The most enraging aspect of the show is the blatant disregard for its story arcs or actors. Plots are first developed and then dropped off the radar altogether (What happened to Donovan’s son?) just to be resurrected again in some form: That whole Star Child nonsense e.g. appeared to become more of an excuse for Elizabeth (Jennifer Cooke) developing super powers that she couldn’t properly control (read: that pop up whenever it’s convenient and there’s no way out otherwise).
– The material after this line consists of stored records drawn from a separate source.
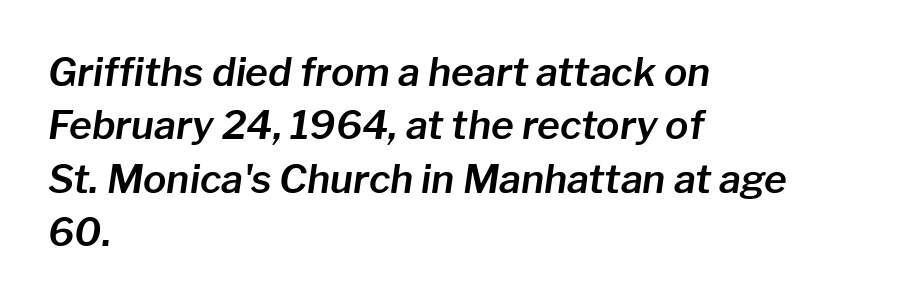
The line texture is even and compact thanks to regular tracking. Italic: yes, the glyphs are oblique. Interline gaps are of average width in this sample. Every row of glyphs begins at an identical x-position on the left. Each letter keeps its own natural width here, so spacing adapts to shape. Descenders are the only things crossing below the line.
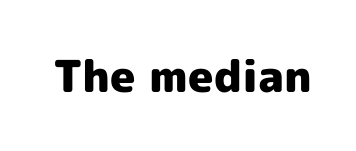
{"serif": "no", "italic": "no", "bold": "yes", "weight": "heavy", "width": "normal", "x_height": "medium", "monospaced": "no", "underline": "no", "letter_spacing": "normal", "letter_spacing_em": 0.0, "glyph_px": 44}
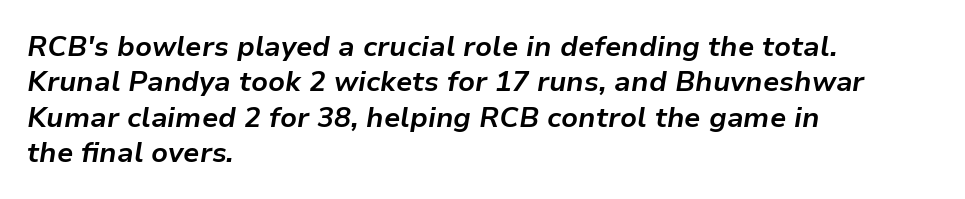
{"italic": "yes", "lean": "right", "slant_degrees": 9, "bold": "yes", "weight": "bold", "width": "normal", "stroke_contrast": "low", "x_height": "medium", "monospaced": "no", "underline": "no", "align": "left", "line_spacing": "normal", "line_spacing_ratio": 1.26, "letter_spacing": "normal", "letter_spacing_em": 0.0, "glyph_px": 28}
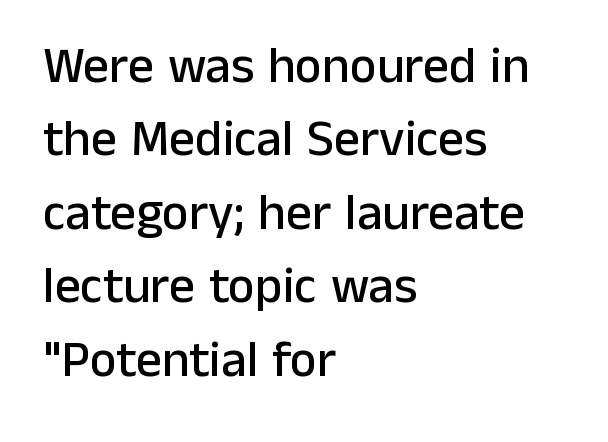
Q: Is the text italic (slanted)? A: No, it is upright.
Q: Is the typeface a serif or a sans-serif typeface? A: Sans-serif.
Q: Is the text underlined? A: No.
Q: How is the paragraph aligned? A: Left-aligned.
Q: Is the spacing between letters normal or unusually wide? A: Normal.
Q: Is the spacing between lines tight, normal or loose? A: Normal.
Q: Width (condensed, normal, or wide)? A: Normal.
Q: Stroke contrast? A: Low.
Q: x-height? A: Medium.
Q: Monospaced? A: No.
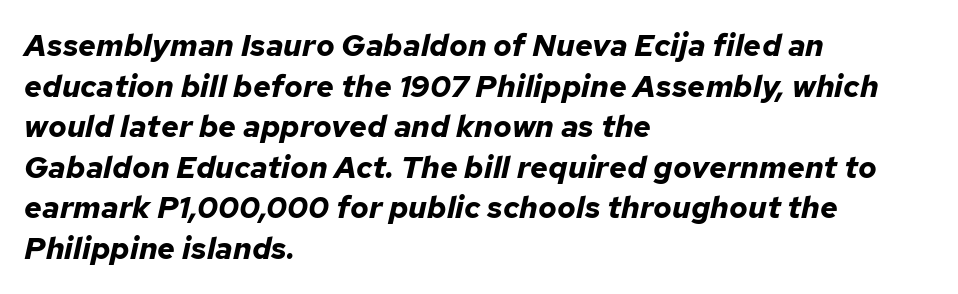
Quick note: interline space is typical. The letters are bold, with thick, heavy strokes. Descender tails drop into unmarked territory. The rag falls on the right side of this text block. This sample has the flowing, uneven cadence of proportional lettering.
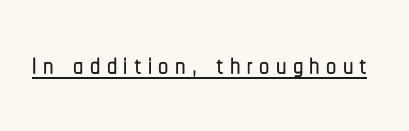
Q: Is the text italic (slanted)? A: No, it is upright.
Q: Is the typeface a serif or a sans-serif typeface? A: Sans-serif.
Q: Is the text underlined? A: Yes.
Q: Width (condensed, normal, or wide)? A: Condensed.
Q: Stroke contrast? A: Low.
Q: x-height? A: Medium.
Q: Monospaced? A: No.
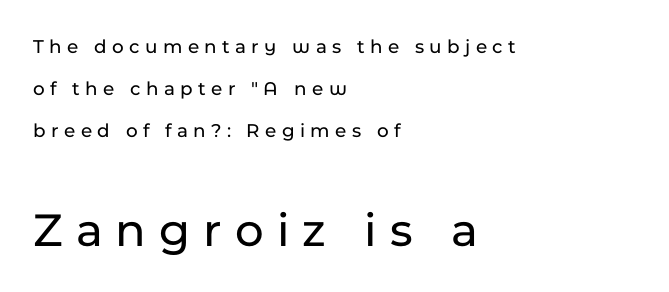
The letters advance in unequal steps, a hallmark of proportional type. Interline gaps are noticeably wide in this sample. Look at the glyph heights: the lower group is clearly the bigger setting. If you drew a line through each stem, it would be perfectly vertical. A typesetter would call this heavily tracked-out type.
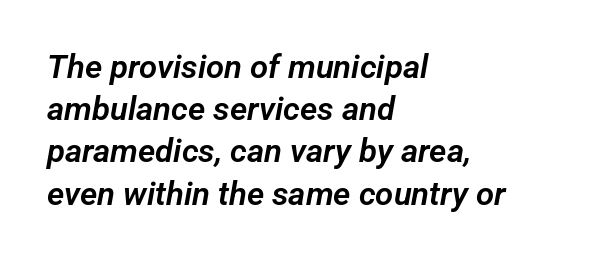
The image shows 33 px sans-serif type; set left-aligned, normal line spacing (1.28x), normal letter spacing, not underlined; low stroke contrast and a medium x-height.
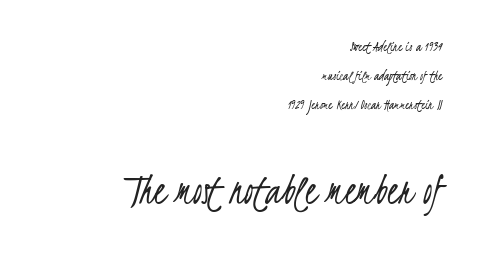
The image shows 46 px light, condensed sans-serif type; set right-aligned, loose line spacing (1.94x), normal letter spacing, not underlined; the second (bottom) block is 3.07x larger; low stroke contrast and a small x-height.
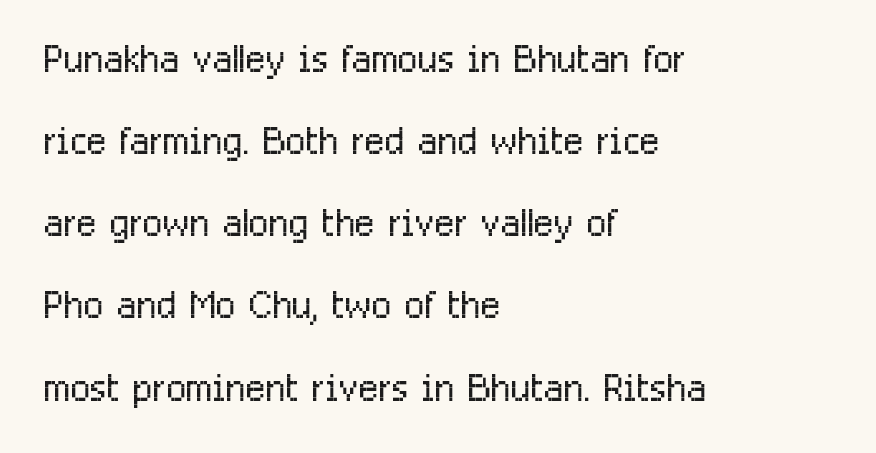
Style check: upright. The compositor pushed each line to the left boundary. Each letter keeps its own natural width here, so spacing adapts to shape. Font category for this specimen: sans-serif.
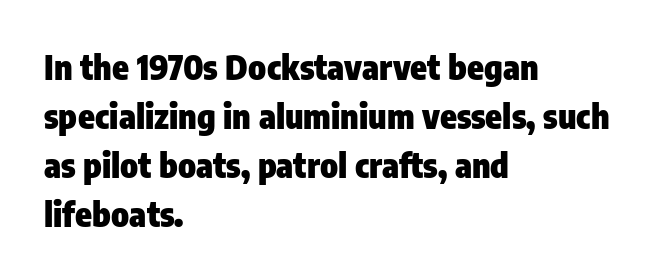
Q: Is the text bold? A: Yes.
Q: Is the text italic (slanted)? A: No, it is upright.
Q: Is the typeface a serif or a sans-serif typeface? A: Sans-serif.
Q: Is the text underlined? A: No.
Q: How is the paragraph aligned? A: Left-aligned.
Q: Is the spacing between letters normal or unusually wide? A: Normal.
Q: Is the spacing between lines tight, normal or loose? A: Normal.
Q: Width (condensed, normal, or wide)? A: Condensed.
Q: Stroke contrast? A: Low.
Q: x-height? A: Medium.
Q: Monospaced? A: No.
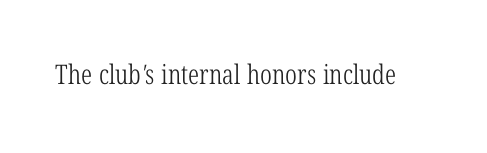
The image shows 27 px text type; set normal letter spacing, not underlined.
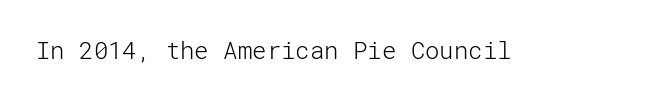
Q: Is the text bold? A: No.
Q: Is the text italic (slanted)? A: No, it is upright.
Q: Is the text underlined? A: No.
Q: Is the spacing between letters normal or unusually wide? A: Normal.
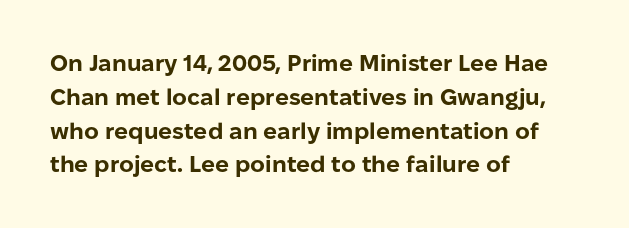
Bold? Absolutely — the strokes are thick and heavy. The setting favours the left margin, as ordinary paragraphs usually do. The font's upright variant was chosen for this text. A bare baseline throughout the passage. Vertical spacing — default.
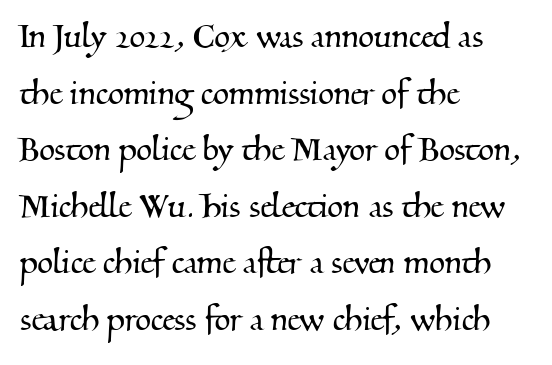
{"serif": "yes", "width": "normal", "stroke_contrast": "medium", "x_height": "small", "monospaced": "no", "underline": "no", "align": "left", "line_spacing": "normal", "line_spacing_ratio": 1.38, "letter_spacing": "normal", "letter_spacing_em": 0.0, "glyph_px": 41}
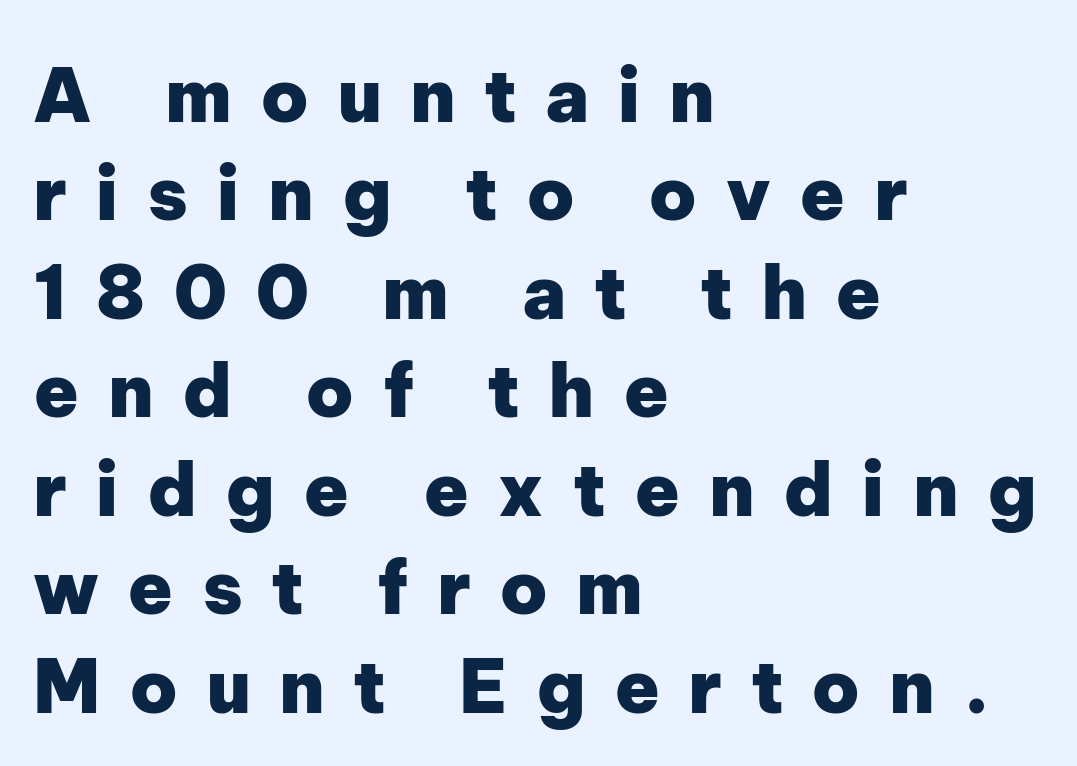
The image shows 74 px heavy sans-serif type, upright; set left-aligned, normal line spacing (1.33x), unusually wide letter spacing (+0.38 em), not underlined; low stroke contrast and a medium x-height.
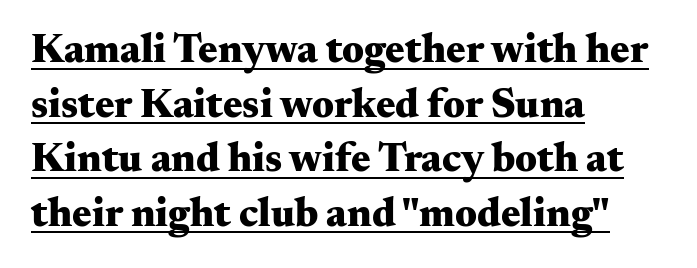
{"serif": "yes", "italic": "no", "bold": "yes", "weight": "heavy", "width": "wide", "stroke_contrast": "medium", "x_height": "small", "monospaced": "no", "underline": "yes", "align": "left", "line_spacing": "normal", "line_spacing_ratio": 1.33, "letter_spacing": "normal", "letter_spacing_em": 0.0, "glyph_px": 41}

Apart from Donovan (Marc Singer) and Julie Parrish (Faye Grant) as well as Diana (Jane Badler) and newly created character Lydia (June Chadwick), pretty much all the actors appeared expendable. In actual fact there was such a lot of coming and going of main and semi regular actors that midway through the series a new intro had to be created to acknowledge that half of the initial characters were not even around anymore and had either passed away or were simply written out off the series.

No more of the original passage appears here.